Password for the Oracle Database user. Oracle recommends that you do not use this property to store a clear text password outside of non-sensitive test or demo environments. You can force a password prompt/response by excluding the password property from the connection. In that case, the externalTable tool prompts for the password. If you require a connection with no prompt/response, use the Oracle Wallet connection method described in the next section instead.

Default value: Not defined.

Valid values: A string

Connections Using Oracle Wallet

When using Oracle Wallet as an external password store, set the properties shown in the following table.

oracle.hadoop.connection.tnsEntryName

Specifies a TNS entry name defined in the tnsnames.ora file.

This property is used with the oracle.hadoop.connection.tns_admin property.

Default value: Not defined

Valid values: A string

oracle.hadoop.connection.tns_admin

Specifies the directory that contains the tnsnames.ora file. Define this property to use transparent network substrate (TNS) entry names in database connection strings. When using TNSNames with the JDBC thin driver, you must set either this property or the Java oracle.net.tns_admin property.

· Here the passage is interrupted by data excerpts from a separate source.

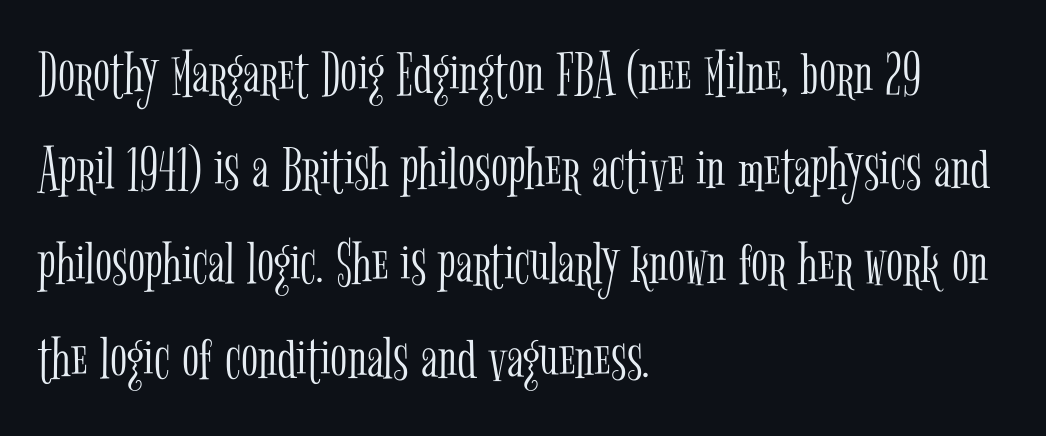
The image shows 63 px light, condensed serif type, upright; set left-aligned, normal line spacing (1.51x), normal letter spacing, not underlined; low stroke contrast and a medium x-height.
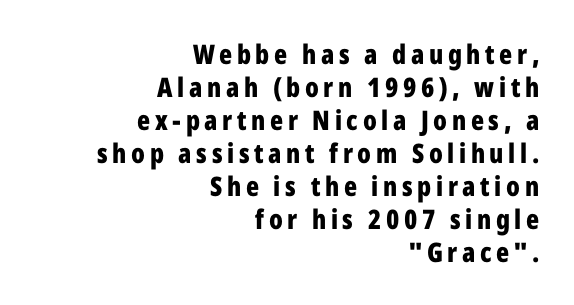
A flush-right, rag-left setting is used for this passage. Thick stems and heavy bowls — unmistakably bold. The letters stand straight up with perfectly vertical stems. The area under the type is left untouched.
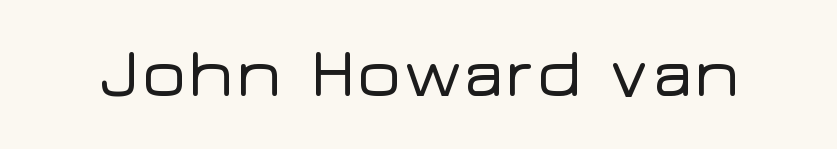
Q: Is the text italic (slanted)? A: No, it is upright.
Q: Is the typeface a serif or a sans-serif typeface? A: Sans-serif.
Q: Is the text underlined? A: No.
Q: Is the spacing between letters normal or unusually wide? A: Normal.
Q: Width (condensed, normal, or wide)? A: Wide.
Q: Stroke contrast? A: Low.
Q: x-height? A: Medium.
Q: Monospaced? A: No.
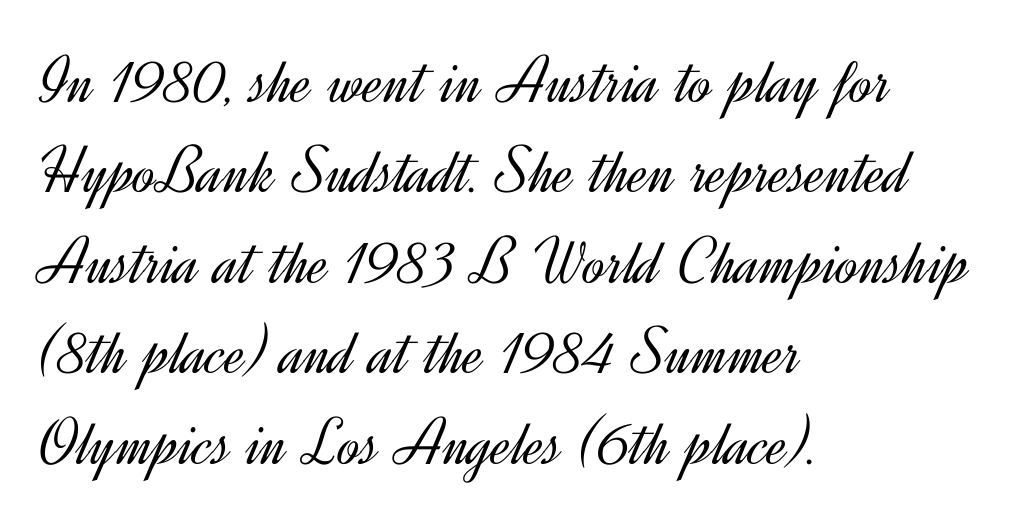
The glyphs in this specimen are sans serif. The foot of each line stays bare and open. Spacing verdict: proportional, widths tailored to each character. Counters stay open thanks to moderate or lighter strokes. The line-height multiplier appears to be the usual default.
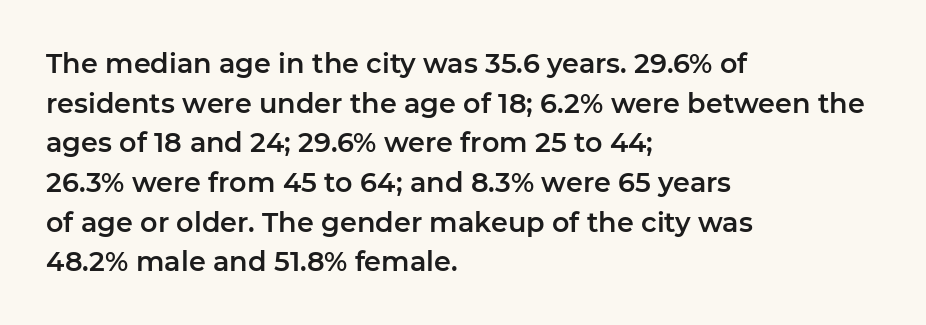
Q: Is the text italic (slanted)? A: No, it is upright.
Q: Is the text underlined? A: No.
Q: How is the paragraph aligned? A: Left-aligned.
Q: Is the spacing between letters normal or unusually wide? A: Normal.
Q: Is the spacing between lines tight, normal or loose? A: Normal.
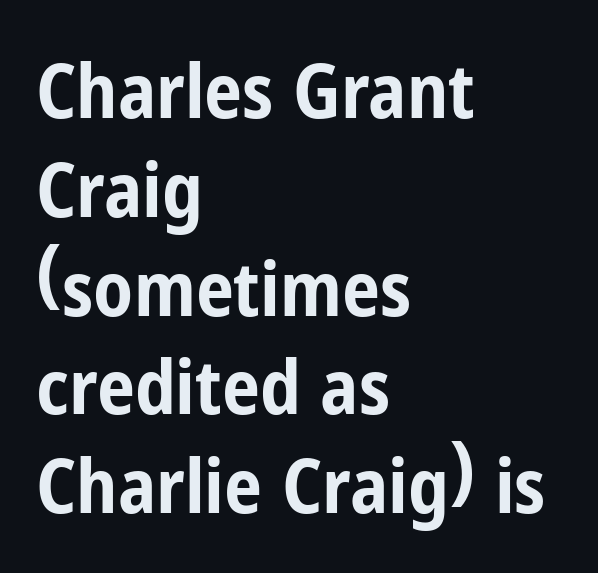
{"serif": "no", "italic": "no", "bold": "yes", "weight": "bold", "width": "condensed", "stroke_contrast": "low", "x_height": "medium", "monospaced": "no", "underline": "no", "align": "left", "line_spacing": "normal", "line_spacing_ratio": 1.3, "letter_spacing": "normal", "letter_spacing_em": 0.0, "glyph_px": 76}
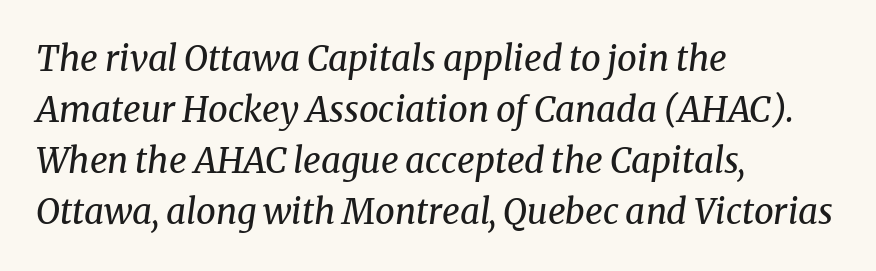
The image shows 35 px regular-weight serif type, italic (leaning right); set left-aligned, normal line spacing (1.46x), normal letter spacing, not underlined; medium stroke contrast and a medium x-height.
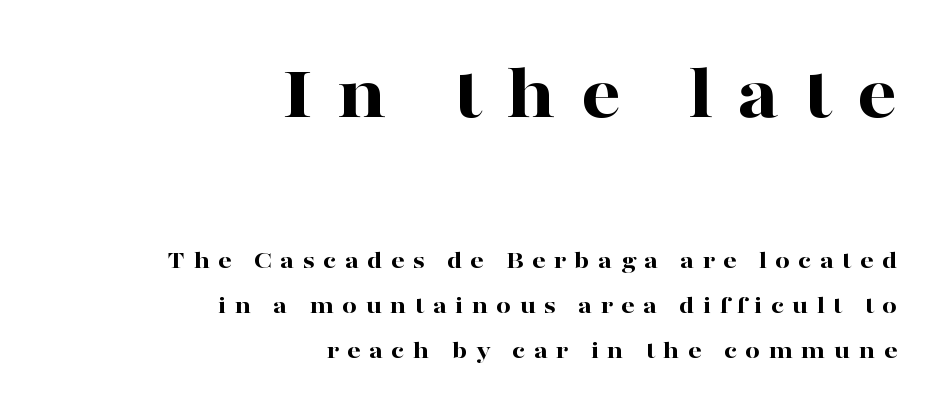
Q: Is the text bold? A: Yes.
Q: Is the text italic (slanted)? A: No, it is upright.
Q: Is the typeface a serif or a sans-serif typeface? A: Serif.
Q: Is the text underlined? A: No.
Q: How is the paragraph aligned? A: Right-aligned.
Q: Is the spacing between letters normal or unusually wide? A: Unusually wide.
Q: Which block of text is set in a larger size, the first (top) or the second (bottom)? A: The first (top) one.
Q: Width (condensed, normal, or wide)? A: Wide.
Q: Stroke contrast? A: High.
Q: x-height? A: Medium.
Q: Monospaced? A: No.
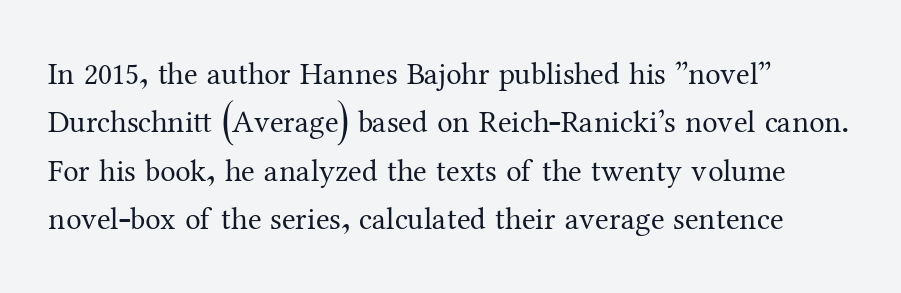
The image shows 31 px regular-weight serif type, upright; set left-aligned, normal line spacing (1.56x), normal letter spacing, not underlined; medium stroke contrast and a medium x-height.
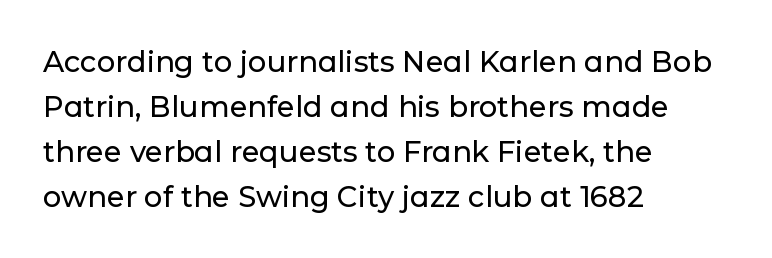
The image shows 29 px sans-serif type, upright; set left-aligned, normal line spacing (1.55x), normal letter spacing, not underlined; low stroke contrast and a medium x-height.
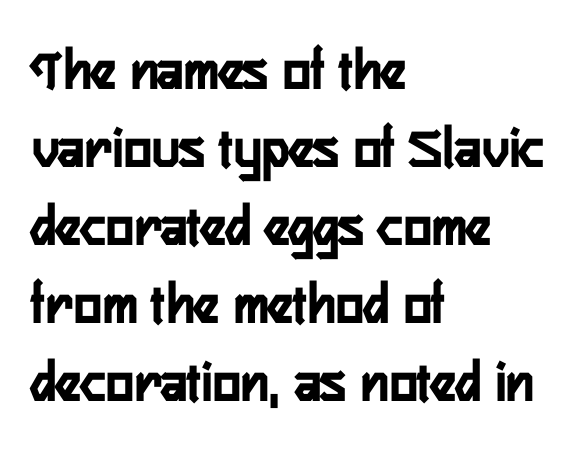
The image shows 59 px condensed sans-serif type, upright; set left-aligned, normal line spacing (1.32x), normal letter spacing, not underlined; low stroke contrast and a medium x-height.
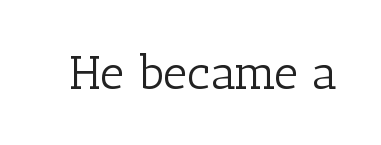
Note: serifs present on the glyphs. Tracking value appears to be zero — textbook default spacing. The strokes are not fattened; the text isn't bold. Proportional: the letters do not fall into vertical columns. Letters rest on an invisible, unmarked baseline.

When both are set, this property takes precedence over oracle.net.tns_admin.

This property must be set when using Oracle Wallet as an external password store.

Default value: The value of the Java oracle.net.tns_admin system property

Valid values: A string

oracle.hadoop.connection.wallet_location

Specifies a file path to an Oracle Wallet directory where the connection credential is stored.

Default value: Not defined

Valid values: A string

Tip:

Connections using Oracle Wallet can accommodate many TNS entries and are therefore recommended over those using the user, password and url properties which are restricted to a single machine/port/servicename combination.

For a simple step-by-step demonstration, see the posting Using Oracle SQL Connector for HDFS with Oracle Wallet in the Connecting Hadoop With Oracle blog.

2.12 Performance Tips for Querying Data in HDFS

Parallel processing is extremely important when you are working with large volumes of data. When you use external tables, always enable parallel query with this SQL command:

ALTER SESSION ENABLE PARALLEL QUERY;

Before loading the data into an Oracle database from the external files created by Oracle SQL Connector for HDFS, enable parallel DDL:

ALTER SESSION ENABLE PARALLEL DDL;

Before inserting data into an existing database table, enable parallel DML with this SQL command:

ALTER SESSION ENABLE PARALLEL DML;

Hints such as APPEND and PQ_DISTRIBUTE also improve performance when you are inserting data.

SeeMy Oracle Support Document 2111850.1 for additional details and examples for improving performance.